Hi, I am trying to parse a brand-new LAF resource (Hebrew Text Database, a CLARIN-NL curation-demonstrator project) by graf-python, as a kind of validation.
Now graf-python gives me a stack trace. In io.py I have inserted some print statements to show which part of the annotation file causes the error.

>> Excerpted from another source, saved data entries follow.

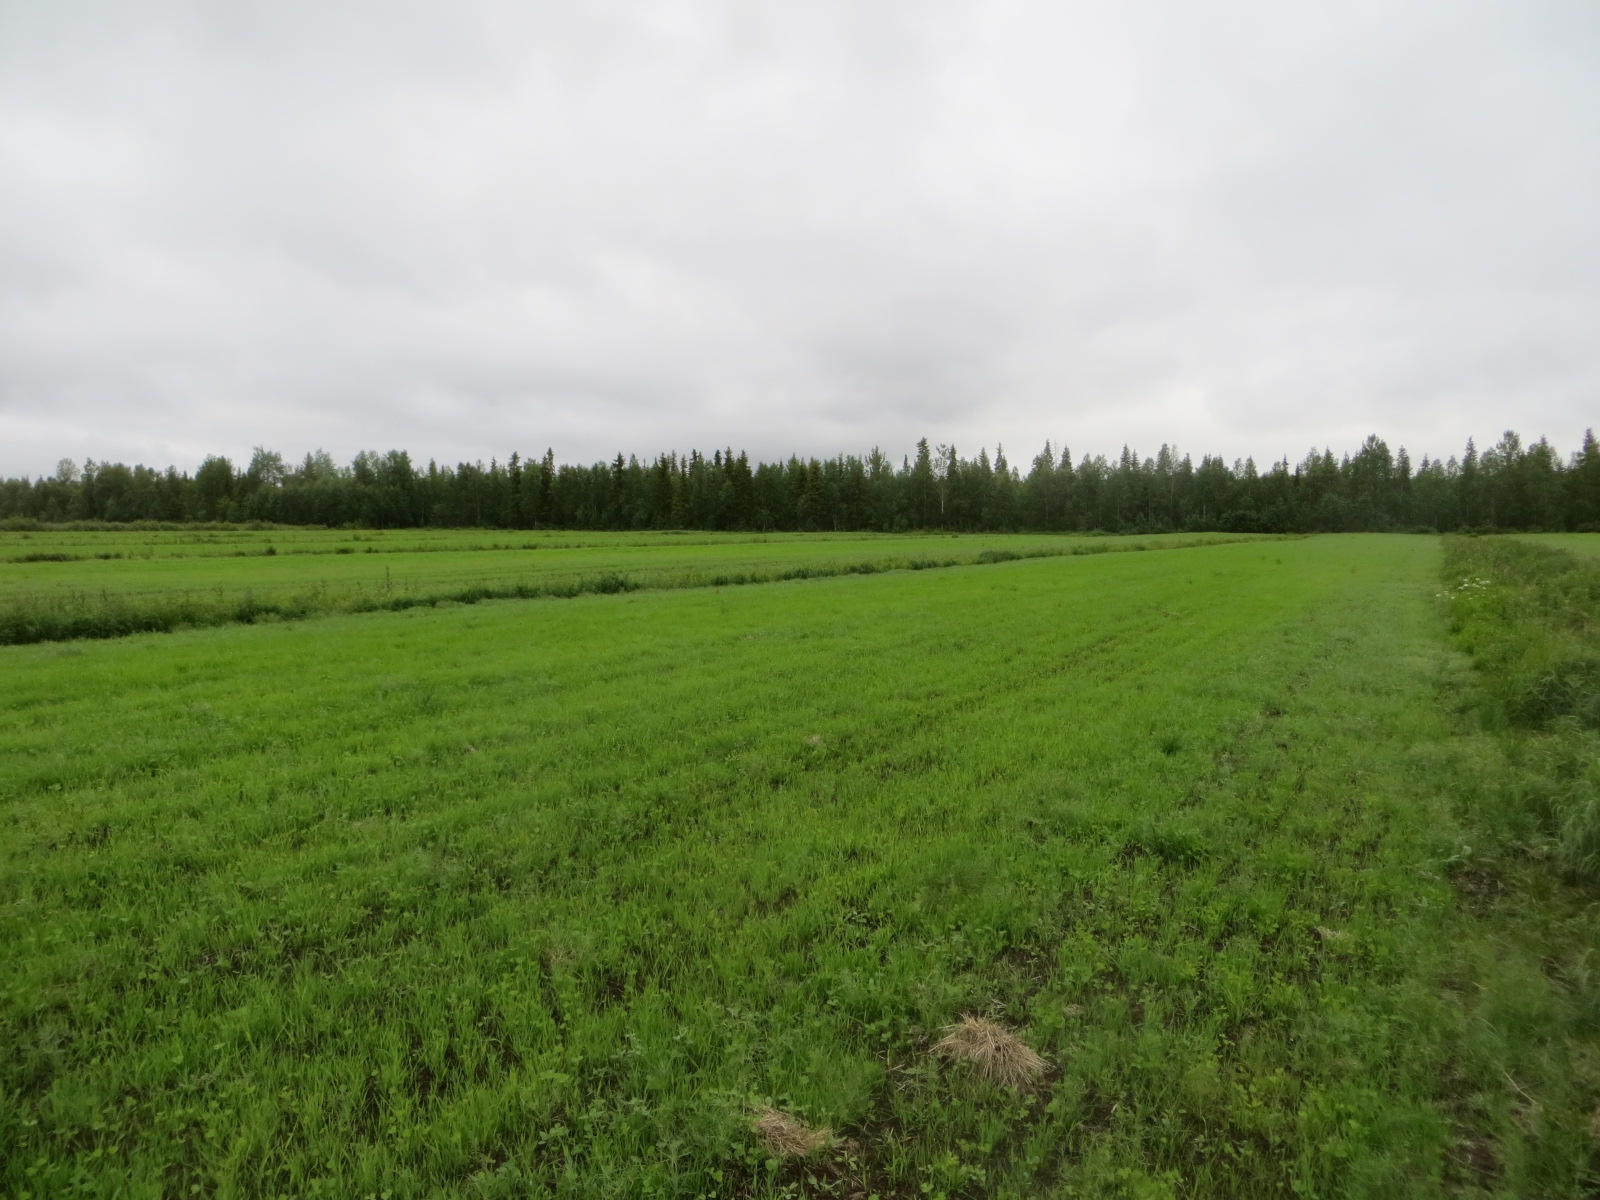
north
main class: Cropland
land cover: Temporary grasslands
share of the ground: 25 - 50 %
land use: Agriculture (excluding fallow land and kitchen gardens)
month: July
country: FI
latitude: 66.3943
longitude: 24.3892
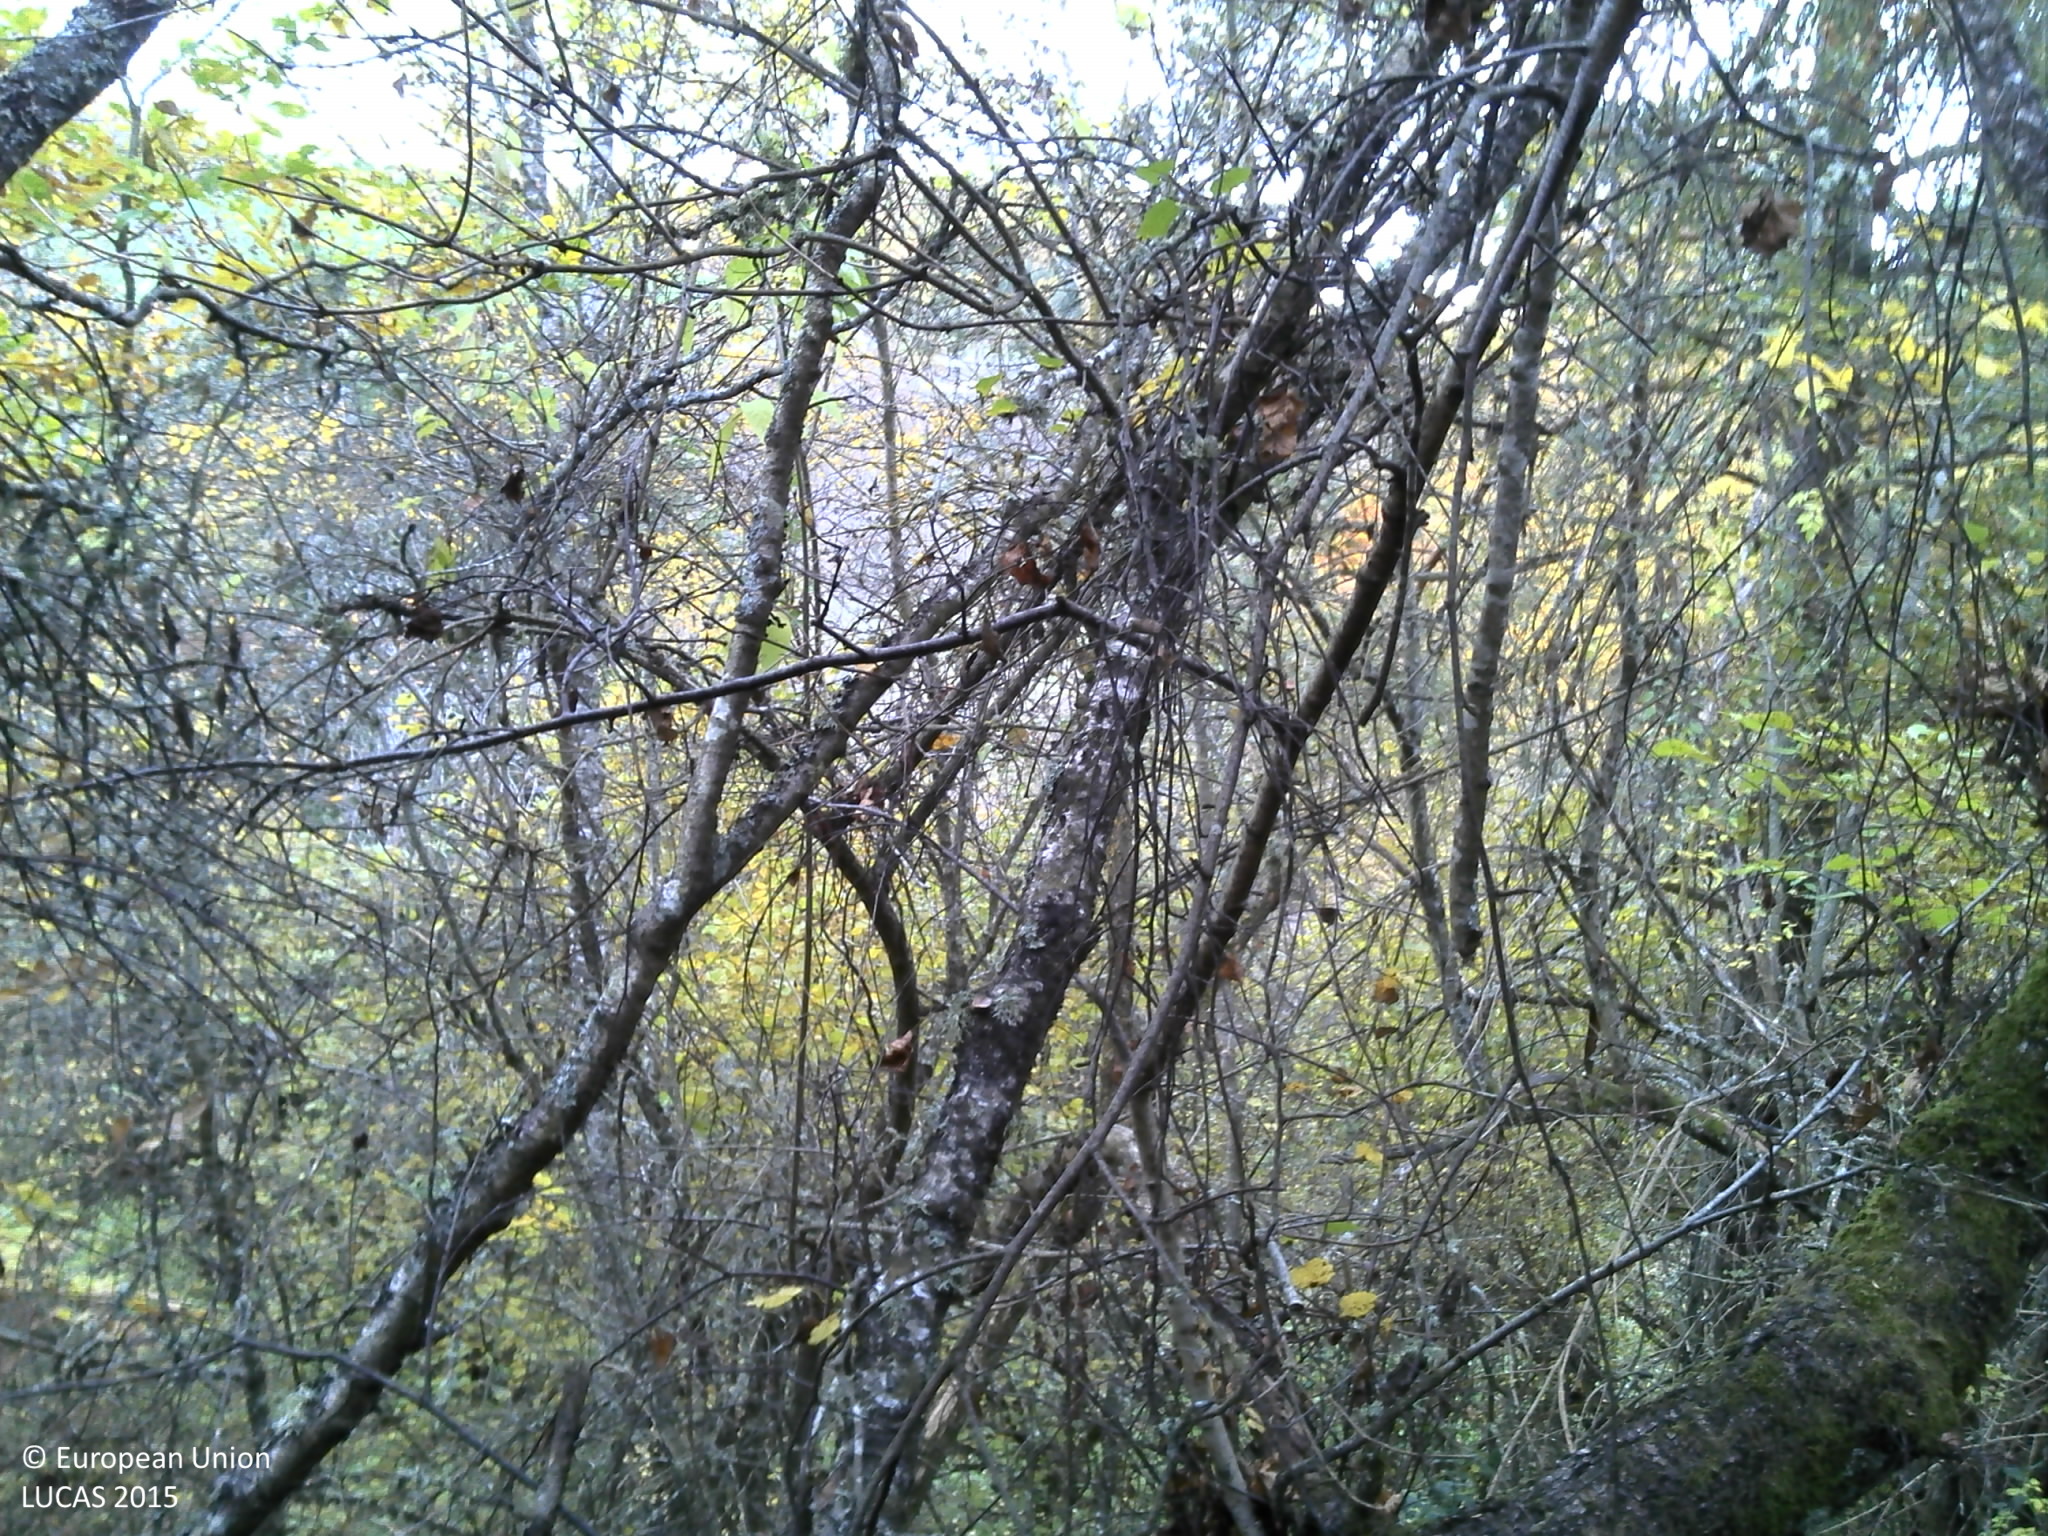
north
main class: Woodland
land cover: Broadleaved woodland
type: non-riverine alder, birch or aspen forest
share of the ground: > 75 %
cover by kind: broadleaved forest trees 70 %, shrubs 30 %
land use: Forestry
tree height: > 5 m
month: October
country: FR
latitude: 45.7853
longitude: 2.8342

Here is the head of the annotation file:
<?xml version="1.0" encoding="UTF-8"?>
<graphHeader>
<labelsDecl>
<labelUsage label="clause" occurs="88387" />
<labelUsage label="clause_atom" occurs="90061" />
<labelUsage label="mother" occurs="75304" />
<labelUsage label="parents" occurs="178466" />
<labelUsage label="ft" occurs="178448" />
</labelsDecl>
<annotationSpaces>
<annotationSpace as.id="shebanq" default="true"/> </annotationSpaces>
</graphHeader>
<node xml:id="nl28737"><link targets="r_1 r_2 r_3 r_4 r_5 r_6 r_7 r_8 r_9 r_10 r_11"/></node>
<a xml:id="al28737" label="clause" ref="nl28737"/>
<a xml:id="alf1" label="ft" ref="nl28737"><fs>
<f name="clause_constituent_relation" value="none"/>
<f name="clause_type" value="xQtl"/>
<f name="domain" value="Unknown"/>
<f name="embedding_domain" value="none"/>
<f name="levels_of_embedding" value="0"/>
<f name="number_within_sentence" value="1"/>
<f name="text_type" value="?"/>
</fs></a>
<edge xml:id="el1" from="nl28737" to="nl88917"/>
<a xml:id="ale1" label="parents" ref="el1"/>
and here is the stack trace
dirk:~/Dropbox/DANS/current/demos/apps/shebanq/graftest > python graftest.py
<graf.io.GraphParser object at 0x1011169d0>
PARSING bhs3_lingo.c.xml
ELEMENT START graph
ELEMENT START graphHeader
ELEMENT START labelsDecl
ELEMENT START labelUsage
ELEMENT START labelUsage
ELEMENT START labelUsage
ELEMENT START labelUsage
ELEMENT START labelUsage
ELEMENT START annotationSpaces
ELEMENT START annotationSpace
ELEMENT START node
ELEMENT START link
ELEMENT START a
Traceback (most recent call last):
File "graftest.py", line 19, in <module>
graph = gparser.parse(datafile)
File "/Library/Frameworks/Python.framework/Versions/2.7/lib/python2.7/site-packages/graf_python-0.3.0-py2.7.egg/graf/io.py", line 883, in parse
do_parse(stream, graph)
File "/Library/Frameworks/Python.framework/Versions/2.7/lib/python2.7/site-packages/graf_python-0.3.0-py2.7.egg/graf/io.py", line 841, in do_parse
parser.parse(filename)
File "/Library/Frameworks/Python.framework/Versions/2.7/lib/python2.7/xml/sax/expatreader.py", line 107, in parse
xmlreader.IncrementalParser.parse(self, source)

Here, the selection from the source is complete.